Yes... You've done yours, I've done mine.
And the graphs of our outcomes will go EVERYWHERE along their own trajectories.
Therefore, your assertion that "There is only one trajectory" is untrue.
Your words unambiguously mean that (!) the probability of getting heads on the 101st roll is MORE than 50%, if there were 60 heads and 40 tails in the previous 100 rolls (for example).
But this is at variance with the generally accepted view that ON ANY shot in the series (!) heads and tails are EQUALLY likely to fall out, since the results of the previous shots do not affect any of the subsequent ones.
Where exactly did you see this ambiguity?
Yes... You did yours, I did mine.
And the graphs of our outcomes will go EVERYWHERE along their own trajectories.
Therefore, your assertion that "There is only one trajectory" is untrue.
Eventually with an infinite number of throws, yours will go to zero and mine will go to zero.
One coin has one trajectory. Two coins - two trajectories - each one has its own trajectory.
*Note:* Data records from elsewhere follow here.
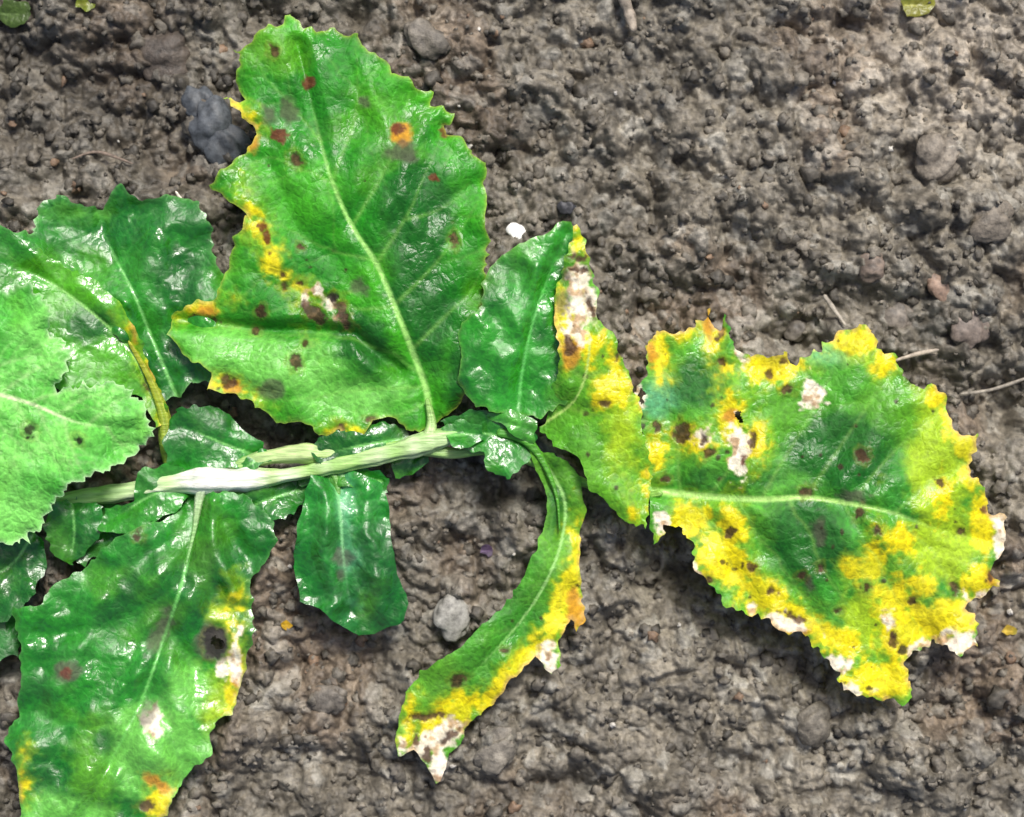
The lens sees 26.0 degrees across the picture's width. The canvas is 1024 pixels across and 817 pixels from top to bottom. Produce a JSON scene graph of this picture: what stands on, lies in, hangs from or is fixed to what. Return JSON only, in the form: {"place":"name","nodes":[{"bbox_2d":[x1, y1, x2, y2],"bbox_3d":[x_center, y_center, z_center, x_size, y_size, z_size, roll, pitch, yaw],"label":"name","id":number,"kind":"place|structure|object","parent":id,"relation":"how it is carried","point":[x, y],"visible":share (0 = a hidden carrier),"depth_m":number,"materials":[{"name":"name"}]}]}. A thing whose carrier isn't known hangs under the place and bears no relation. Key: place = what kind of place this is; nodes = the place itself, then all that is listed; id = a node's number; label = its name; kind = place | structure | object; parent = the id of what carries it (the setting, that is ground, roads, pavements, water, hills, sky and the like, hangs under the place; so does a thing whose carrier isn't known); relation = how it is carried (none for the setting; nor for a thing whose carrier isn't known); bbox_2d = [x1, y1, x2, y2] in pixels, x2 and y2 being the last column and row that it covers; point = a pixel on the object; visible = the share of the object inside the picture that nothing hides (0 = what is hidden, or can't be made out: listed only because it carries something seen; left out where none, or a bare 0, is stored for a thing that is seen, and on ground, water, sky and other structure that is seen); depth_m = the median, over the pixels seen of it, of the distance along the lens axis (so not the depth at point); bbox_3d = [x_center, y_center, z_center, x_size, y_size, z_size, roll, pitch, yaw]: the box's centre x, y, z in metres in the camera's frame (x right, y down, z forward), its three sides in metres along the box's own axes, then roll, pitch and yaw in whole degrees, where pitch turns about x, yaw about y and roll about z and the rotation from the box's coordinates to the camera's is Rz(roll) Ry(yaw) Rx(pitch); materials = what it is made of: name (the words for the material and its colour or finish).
{"place":"outdoors","nodes":[
{"label":"outdoors","id":0,"kind":"place"},
{"bbox_2d":[0,0,1023,816],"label":"ground","id":1,"kind":"structure","parent":0,"point":[474,496],"depth_m":1.00,"materials":[{"name":"soil"}]},
{"bbox_2d":[0,0,30,27],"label":"leaf scrap","id":2,"kind":"object","parent":1,"relation":"on","point":[13,14],"visible":1,"depth_m":1.00,"materials":[{"name":"green plant"}]},
{"bbox_2d":[75,0,95,11],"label":"leaf scrap","id":3,"kind":"object","parent":1,"relation":"on","point":[85,5],"visible":1,"depth_m":1.00,"materials":[{"name":"plant"}]},
{"bbox_2d":[72,151,132,163],"bbox_3d":[-0.185,-0.114,1.002,0.029,0.004,0.006,0,90,0],"label":"dry twig","id":4,"kind":"object","parent":1,"relation":"on","point":[106,154],"visible":1,"depth_m":1.00,"materials":[{"name":"wood"}]},
{"bbox_2d":[140,28,189,81],"bbox_3d":[-0.159,-0.161,1.010,0.025,0.012,0.027,0,90,0],"label":"soil clod","id":5,"kind":"object","parent":1,"relation":"on","point":[168,53],"visible":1,"depth_m":1.01,"materials":[{"name":"grey soil"}]},
{"bbox_2d":[181,85,212,116],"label":"stone","id":6,"kind":"object","parent":1,"relation":"on","point":[191,97],"visible":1,"depth_m":1.00,"materials":[{"name":"grey stone"}]},
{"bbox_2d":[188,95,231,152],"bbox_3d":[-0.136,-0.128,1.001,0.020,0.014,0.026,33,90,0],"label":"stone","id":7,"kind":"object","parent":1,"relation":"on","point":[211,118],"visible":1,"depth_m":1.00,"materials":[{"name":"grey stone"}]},
{"bbox_2d":[203,124,252,164],"bbox_3d":[-0.127,-0.118,0.998,0.023,0.008,0.020,0,90,0],"label":"stone","id":8,"kind":"object","parent":1,"relation":"on","point":[232,140],"visible":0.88,"depth_m":0.99,"materials":[{"name":"grey stone"}]},
{"bbox_2d":[281,620,292,629],"bbox_3d":[-0.101,0.098,0.998,0.006,0.002,0.005,0,90,0],"label":"leaf scrap","id":9,"kind":"object","parent":1,"relation":"on","point":[285,624],"visible":1,"depth_m":1.00,"materials":[{"name":"yellow plant"}]},
{"bbox_2d":[310,685,347,714],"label":"soil clod","id":10,"kind":"object","parent":1,"relation":"on","point":[332,699],"visible":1,"depth_m":1.00,"materials":[{"name":"grey soil"}]},
{"bbox_2d":[403,17,448,60],"bbox_3d":[-0.039,-0.167,1.000,0.022,0.010,0.015,43,90,0],"label":"soil clod","id":11,"kind":"object","parent":1,"relation":"on","point":[426,39],"visible":1,"depth_m":1.00,"materials":[{"name":"grey soil"}]},
{"bbox_2d":[433,594,469,641],"bbox_3d":[-0.027,0.094,1.000,0.018,0.009,0.020,-34,90,0],"label":"stone","id":12,"kind":"object","parent":1,"relation":"on","point":[451,618],"visible":1,"depth_m":1.00,"materials":[{"name":"grey stone"}]},
{"bbox_2d":[480,544,492,556],"bbox_3d":[-0.012,0.064,1.003,0.006,0.002,0.006,0,90,0],"label":"leaf scrap","id":13,"kind":"object","parent":1,"relation":"on","point":[487,549],"visible":1,"depth_m":1.00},
{"bbox_2d":[473,726,516,774],"bbox_3d":[-0.008,0.154,1.000,0.019,0.010,0.022,0,90,0],"label":"soil clod","id":14,"kind":"object","parent":1,"relation":"on","point":[489,760],"visible":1,"depth_m":1.00,"materials":[{"name":"grey soil"}]},
{"bbox_2d":[0,14,1006,816],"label":"mustard plant","id":15,"kind":"object","parent":1,"relation":"on","point":[830,500],"visible":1,"depth_m":0.98,"materials":[{"name":"green plant"}]},
{"bbox_2d":[506,223,524,239],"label":"pebble","id":16,"kind":"object","parent":1,"relation":"on","point":[517,230],"visible":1,"depth_m":1.00,"materials":[{"name":"stone"}]},
{"bbox_2d":[556,201,576,213],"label":"stone","id":17,"kind":"object","parent":1,"relation":"on","point":[568,207],"visible":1,"depth_m":1.00,"materials":[{"name":"grey stone"}]},
{"bbox_2d":[618,0,636,31],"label":"dry twig","id":18,"kind":"object","parent":1,"relation":"on","point":[629,13],"visible":1,"depth_m":1.00,"materials":[{"name":"wood"}]},
{"bbox_2d":[783,320,805,341],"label":"stone","id":19,"kind":"object","parent":1,"relation":"on","point":[795,330],"visible":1,"depth_m":1.01,"materials":[{"name":"grey stone"}]},
{"bbox_2d":[796,701,830,746],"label":"soil clod","id":20,"kind":"object","parent":1,"relation":"on","point":[813,727],"visible":1,"depth_m":1.00,"materials":[{"name":"grey soil"}]},
{"bbox_2d":[823,294,845,325],"bbox_3d":[0.146,-0.044,1.002,0.010,0.005,0.014,0,90,0],"label":"dry twig","id":21,"kind":"object","parent":1,"relation":"on","point":[831,305],"visible":1,"depth_m":1.00,"materials":[{"name":"wood"}]},
{"bbox_2d":[859,253,884,282],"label":"stone","id":22,"kind":"object","parent":1,"relation":"on","point":[871,271],"visible":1,"depth_m":0.99,"materials":[{"name":"brown stone"}]},
{"bbox_2d":[884,301,914,329],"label":"stone","id":23,"kind":"object","parent":1,"relation":"on","point":[896,317],"visible":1,"depth_m":1.00,"materials":[{"name":"grey stone"}]},
{"bbox_2d":[900,0,934,16],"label":"leaf scrap","id":24,"kind":"object","parent":1,"relation":"on","point":[915,8],"visible":1,"depth_m":1.00,"materials":[{"name":"yellow plant"}]},
{"bbox_2d":[896,349,938,361],"bbox_3d":[0.183,-0.024,1.004,0.020,0.004,0.006,0,90,0],"label":"dry twig","id":25,"kind":"object","parent":1,"relation":"on","point":[921,353],"visible":0.91,"depth_m":1.00,"materials":[{"name":"wood"}]},
{"bbox_2d":[915,132,960,182],"bbox_3d":[0.192,-0.113,0.999,0.021,0.013,0.023,0,90,0],"label":"soil clod","id":26,"kind":"object","parent":1,"relation":"on","point":[935,159],"visible":1,"depth_m":0.99,"materials":[{"name":"grey soil"}]},
{"bbox_2d":[927,273,949,300],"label":"stone","id":27,"kind":"object","parent":1,"relation":"on","point":[937,289],"visible":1,"depth_m":1.00,"materials":[{"name":"stone"}]},
{"bbox_2d":[950,311,990,348],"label":"stone","id":28,"kind":"object","parent":1,"relation":"on","point":[972,332],"visible":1,"depth_m":1.00,"materials":[{"name":"grey stone"}]},
{"bbox_2d":[969,199,1014,242],"bbox_3d":[0.215,-0.085,0.994,0.022,0.010,0.021,0,90,0],"label":"soil clod","id":29,"kind":"object","parent":1,"relation":"on","point":[993,224],"visible":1,"depth_m":0.99,"materials":[{"name":"grey soil"}]},
{"bbox_2d":[961,378,1023,394],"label":"dry twig","id":30,"kind":"object","parent":1,"relation":"on","point":[995,388],"visible":1,"depth_m":1.01,"materials":[{"name":"wood"}]},
{"bbox_2d":[1001,625,1016,634],"bbox_3d":[0.226,0.100,1.004,0.008,0.002,0.005,0,90,0],"label":"leaf scrap","id":31,"kind":"object","parent":1,"relation":"on","point":[1009,630],"visible":1,"depth_m":1.00,"materials":[{"name":"yellow plant"}]}
]}

It would be foolish to think anyone would claim otherwise. In any case, with an infinite number of tosses, the trajectory from each coin will go to zero.
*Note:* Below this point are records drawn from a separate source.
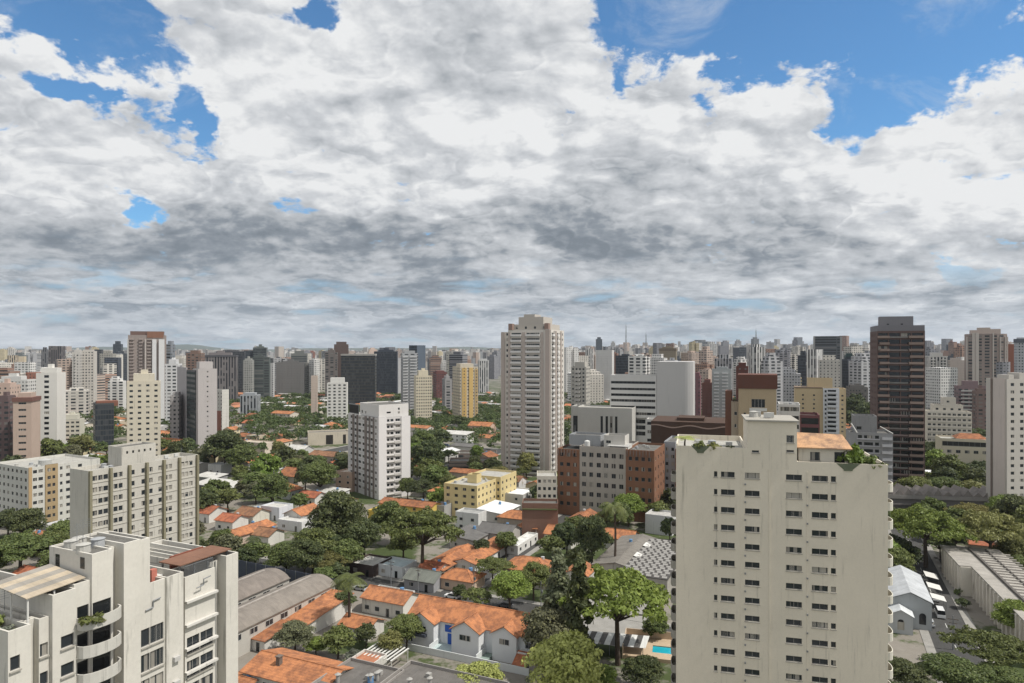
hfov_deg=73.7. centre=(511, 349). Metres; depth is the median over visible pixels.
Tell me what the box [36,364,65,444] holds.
tower
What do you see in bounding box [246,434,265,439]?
house
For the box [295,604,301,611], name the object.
window
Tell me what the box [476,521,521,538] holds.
house
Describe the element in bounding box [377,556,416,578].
house
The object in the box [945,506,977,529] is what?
tree
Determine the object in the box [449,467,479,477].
house
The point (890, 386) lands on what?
window
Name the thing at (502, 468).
tree
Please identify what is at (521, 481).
house
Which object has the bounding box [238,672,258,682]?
house
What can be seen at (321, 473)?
tree
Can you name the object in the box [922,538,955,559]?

Here is a list of papers (5087 pieces) which try to get the residual from the model (model fitting error) to represent a random walk.
5087 papers matched the search for GARCH, GJR-GARCH, EGARCH, in titles and keywords.
Where exactly did you see this ambiguity?
I said"unambiguous."
Eventually, with an infinite number of flips, yours will go to zero and mine will go to zero.
One coin has one trajectory. Two coins - two trajectories - each has its own trajectory. It would be foolish to think anyone would claim otherwise. In any case, with an infinite number of flips, the trajectory from each coin will go to zero.
Not necessarily, for I have exactly the same right to hit the "2 down, 1 up..." trajectory or the like as you do on a dangling around zero. They are equal probability.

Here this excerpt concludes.